### Task input
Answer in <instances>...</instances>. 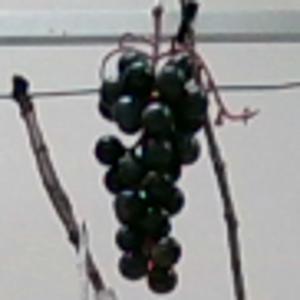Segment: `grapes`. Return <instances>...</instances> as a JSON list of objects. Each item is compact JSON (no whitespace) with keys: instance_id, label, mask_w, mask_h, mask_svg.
Instances as JSON below:
<instances>
[{"instance_id":"01657485","label":"grapes","mask_w":300,"mask_h":300,"mask_svg":"<svg viewBox=\"0 0 300 300\" xmlns=\"http://www.w3.org/2000/svg\"><path fill=\"white\" fill-rule=\"evenodd\" d=\"M118 76L108 74L99 83L100 116L118 122L127 136L144 127L140 154L124 146L115 134L99 136L93 146L106 191L116 196L112 209L123 225L115 235L124 250L117 263L119 274L131 282L145 279L147 289L160 296L171 294L178 281L176 268L183 255L173 235L174 220L185 207L187 193L178 185L182 165L202 156L195 137L209 121L210 100L199 83L185 85L198 73L192 53H165L153 63L139 49H126L117 58Z\"/></svg>"}]
</instances>
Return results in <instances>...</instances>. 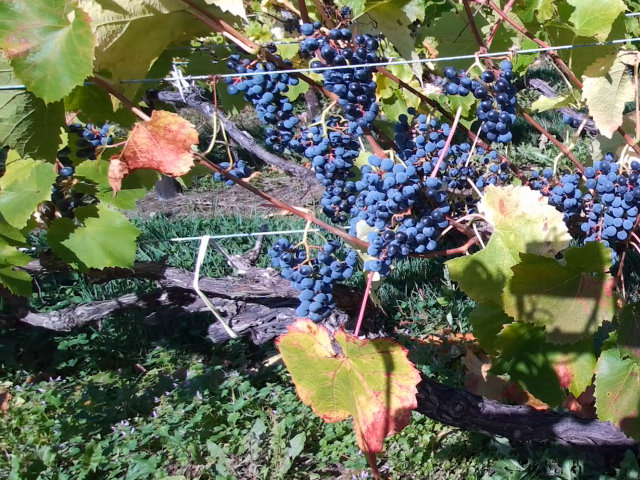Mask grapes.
Masks as SVG:
<instances>
[{"label": "grapes", "mask_w": 640, "mask_h": 480, "mask_svg": "<svg viewBox=\"0 0 640 480\" xmlns=\"http://www.w3.org/2000/svg\"><path fill=\"white\" fill-rule=\"evenodd\" d=\"M372 72L377 73V68L345 69L327 72H313L323 74L322 87L336 94L339 98L337 104L343 106L344 117L349 122L346 134L339 131H330L328 138H323L324 126H302L300 134L295 136L291 129L301 123L298 116L291 112L293 106L288 95H281L279 91H285L287 85L296 86L300 79L297 75H255L244 77V80L223 79L227 85V93L230 96L237 95L240 91L246 94L243 99L258 111L257 118L264 124L276 125L280 130L276 132L274 126L264 129L265 144L272 146L276 153H282L285 146L292 151L303 152L316 171V178L322 182L325 191L322 193L320 204L323 213L330 218L332 223H345L347 216L335 214L334 207L338 206L340 212L350 213L353 217L350 221V229L347 234L357 237L358 223L366 221L369 228L384 230L390 225V215H395L399 210L405 211L409 207L413 214L409 217L400 216L395 220L398 227L396 233L391 230L370 231L367 240L370 246L366 249L368 257L363 261V269L366 272H377L380 277L390 275L389 265L396 254L405 258L409 253L424 254L426 251H435L437 241L434 239L440 235V228L449 226L445 216L451 210V204L447 194L440 191L443 183L448 189L470 190L472 184L467 178H472L476 169L474 167L458 166L468 160L471 145L466 142L461 144H449L444 153L455 155L451 160H443L438 166L440 171L449 167L447 175L440 177L427 176L421 186V179L416 172L424 175L433 173L442 155L445 140H438L439 131H431L427 142L423 135H418L414 140L408 130V116L401 114L399 121L394 126V141L399 152L398 158L403 164H396L392 159H381L377 155H370L368 163L360 169L362 180L354 179L356 172L349 170L353 167L354 159L361 155L360 143L353 137H362L364 129L371 127V122L379 113L376 103L375 90L377 84L372 81ZM436 152V156L430 161L423 160L422 165L416 164L420 158ZM378 167L380 171L387 173L385 179L372 170Z\"/></svg>", "instance_id": "1"}, {"label": "grapes", "mask_w": 640, "mask_h": 480, "mask_svg": "<svg viewBox=\"0 0 640 480\" xmlns=\"http://www.w3.org/2000/svg\"><path fill=\"white\" fill-rule=\"evenodd\" d=\"M341 247L339 240H329L323 246L315 258V263L323 266L319 270L320 279L312 275V266L304 263L307 257L305 249H297L294 244H289L285 238H278L267 249V255L271 259L273 268H281L280 275L290 280L295 289L302 291L299 296L301 303L295 308L298 317L309 316L314 324H322L324 318H329L332 310L337 307L334 298V284L338 279L345 281L353 275L357 264V253L354 249H348L344 257V263L336 260L333 251Z\"/></svg>", "instance_id": "2"}, {"label": "grapes", "mask_w": 640, "mask_h": 480, "mask_svg": "<svg viewBox=\"0 0 640 480\" xmlns=\"http://www.w3.org/2000/svg\"><path fill=\"white\" fill-rule=\"evenodd\" d=\"M630 169L635 173L629 177L617 175L619 165L614 163L612 152L605 154V160L595 161L593 167L584 169L585 186L595 189L601 201L590 204L587 222L580 225V230L587 232L583 245L598 240L610 248L611 238L629 237L640 212V163L632 161Z\"/></svg>", "instance_id": "3"}, {"label": "grapes", "mask_w": 640, "mask_h": 480, "mask_svg": "<svg viewBox=\"0 0 640 480\" xmlns=\"http://www.w3.org/2000/svg\"><path fill=\"white\" fill-rule=\"evenodd\" d=\"M498 66L503 70L498 74V79L493 85V89L497 92L495 101L498 103L497 109H492L494 103L492 97L488 95V89L482 86L480 81H473L468 77V72L461 68L458 72L452 66H446L442 75L449 82L445 86V90L450 95H461L467 97L469 93H473L476 99H479L480 108L476 110L477 118L485 121L481 125V131L487 133V138L495 143H509L512 140V132L508 129V125H514L517 122L515 115L517 87L514 83H510L514 77L512 64L506 60H500Z\"/></svg>", "instance_id": "4"}, {"label": "grapes", "mask_w": 640, "mask_h": 480, "mask_svg": "<svg viewBox=\"0 0 640 480\" xmlns=\"http://www.w3.org/2000/svg\"><path fill=\"white\" fill-rule=\"evenodd\" d=\"M322 27L320 20H315L313 23H301L299 25V31L306 38L300 43V49L302 52L310 53L317 48L320 51V57L325 60L327 64L342 65V64H357V63H378L380 57L374 50L378 48V37L373 36L370 33L363 35H356L354 38L356 51H353L351 47H343L341 52L335 47L329 45L327 37L324 35L313 37L314 29Z\"/></svg>", "instance_id": "5"}, {"label": "grapes", "mask_w": 640, "mask_h": 480, "mask_svg": "<svg viewBox=\"0 0 640 480\" xmlns=\"http://www.w3.org/2000/svg\"><path fill=\"white\" fill-rule=\"evenodd\" d=\"M582 178L580 173L570 174L564 172L560 178V186H554L551 189V196L548 199V203L556 208L558 212L563 215L562 221L567 223L571 216L578 213L579 208L583 205V192L579 189V180ZM583 199L585 201H591L593 195L587 192Z\"/></svg>", "instance_id": "6"}, {"label": "grapes", "mask_w": 640, "mask_h": 480, "mask_svg": "<svg viewBox=\"0 0 640 480\" xmlns=\"http://www.w3.org/2000/svg\"><path fill=\"white\" fill-rule=\"evenodd\" d=\"M68 129L71 133H77L78 138L75 141V146L80 148L76 155L80 158H89L90 160H94L96 158L95 147L97 145H105L106 144V136L111 130V125L106 124L102 125L98 135L95 134L93 130V126L91 123H88L86 126V130L82 129V125L79 123L69 124Z\"/></svg>", "instance_id": "7"}, {"label": "grapes", "mask_w": 640, "mask_h": 480, "mask_svg": "<svg viewBox=\"0 0 640 480\" xmlns=\"http://www.w3.org/2000/svg\"><path fill=\"white\" fill-rule=\"evenodd\" d=\"M229 61L227 62V67L231 70H234L237 73L249 72L253 70H277L270 62H266L264 68L261 69L260 63L255 64V69H246L245 66H249L251 61L249 59L242 58L237 53H231L229 55Z\"/></svg>", "instance_id": "8"}, {"label": "grapes", "mask_w": 640, "mask_h": 480, "mask_svg": "<svg viewBox=\"0 0 640 480\" xmlns=\"http://www.w3.org/2000/svg\"><path fill=\"white\" fill-rule=\"evenodd\" d=\"M219 165L223 169H229L231 167V164L229 162L224 161H221ZM228 172L237 178H248L252 175V170L246 167V163L243 160L235 161L232 164V168L229 169Z\"/></svg>", "instance_id": "9"}, {"label": "grapes", "mask_w": 640, "mask_h": 480, "mask_svg": "<svg viewBox=\"0 0 640 480\" xmlns=\"http://www.w3.org/2000/svg\"><path fill=\"white\" fill-rule=\"evenodd\" d=\"M329 38L333 41H338L339 39L350 40L352 38V31L348 28H331L329 31Z\"/></svg>", "instance_id": "10"}, {"label": "grapes", "mask_w": 640, "mask_h": 480, "mask_svg": "<svg viewBox=\"0 0 640 480\" xmlns=\"http://www.w3.org/2000/svg\"><path fill=\"white\" fill-rule=\"evenodd\" d=\"M496 183H497V177L493 174H490L487 178H485L483 175H480L474 179V186L477 189H482L486 185H490V184L495 185Z\"/></svg>", "instance_id": "11"}, {"label": "grapes", "mask_w": 640, "mask_h": 480, "mask_svg": "<svg viewBox=\"0 0 640 480\" xmlns=\"http://www.w3.org/2000/svg\"><path fill=\"white\" fill-rule=\"evenodd\" d=\"M417 122H418V130L420 132H426L429 129V126L431 128H435L438 126V122L436 119H431L429 121V126L427 125V116L425 114H419L417 116Z\"/></svg>", "instance_id": "12"}, {"label": "grapes", "mask_w": 640, "mask_h": 480, "mask_svg": "<svg viewBox=\"0 0 640 480\" xmlns=\"http://www.w3.org/2000/svg\"><path fill=\"white\" fill-rule=\"evenodd\" d=\"M506 169L507 165L504 162H499L497 165L491 164L489 166V170L492 173H498L501 170V172L498 174V179L502 182H505L508 179V174L505 172Z\"/></svg>", "instance_id": "13"}, {"label": "grapes", "mask_w": 640, "mask_h": 480, "mask_svg": "<svg viewBox=\"0 0 640 480\" xmlns=\"http://www.w3.org/2000/svg\"><path fill=\"white\" fill-rule=\"evenodd\" d=\"M485 153H486V150L482 146H479V147L476 148V154L478 156H483L481 158V163L483 165H487L490 162V159L496 160L498 158L497 157L498 153L495 150L489 151L488 152V156L484 155Z\"/></svg>", "instance_id": "14"}]
</instances>
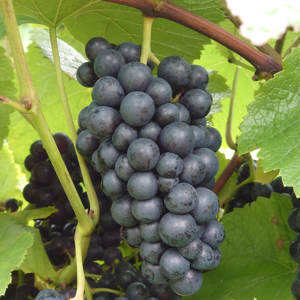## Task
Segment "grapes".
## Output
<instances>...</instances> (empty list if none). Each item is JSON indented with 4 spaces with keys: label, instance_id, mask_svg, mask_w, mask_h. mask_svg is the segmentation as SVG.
<instances>
[{
    "label": "grapes",
    "instance_id": "grapes-1",
    "mask_svg": "<svg viewBox=\"0 0 300 300\" xmlns=\"http://www.w3.org/2000/svg\"><path fill=\"white\" fill-rule=\"evenodd\" d=\"M85 55L76 79L92 88V102L79 113L76 150L100 173L122 241L139 248L143 277L193 295L202 273L220 264L225 238L212 191L222 136L205 118L209 74L168 56L155 77L137 44L103 37L91 38Z\"/></svg>",
    "mask_w": 300,
    "mask_h": 300
}]
</instances>

### Task requirements
Using the records above, please retype only the run of lines from the line holding "<instances>...</instances> (empty list" through the last line, both ends included.

### Answer space
<instances>...</instances> (empty list if none). Each item is JSON indented with 4 spaces with keys: label, instance_id, mask_svg, mask_w, mask_h. mask_svg is the segmentation as SVG.
<instances>
[{
    "label": "grapes",
    "instance_id": "grapes-1",
    "mask_svg": "<svg viewBox=\"0 0 300 300\" xmlns=\"http://www.w3.org/2000/svg\"><path fill=\"white\" fill-rule=\"evenodd\" d=\"M85 55L76 79L92 88V102L79 113L76 150L100 173L122 241L139 248L143 277L193 295L202 273L220 264L225 238L212 191L222 136L205 118L209 74L168 56L155 77L137 44L103 37L91 38Z\"/></svg>",
    "mask_w": 300,
    "mask_h": 300
}]
</instances>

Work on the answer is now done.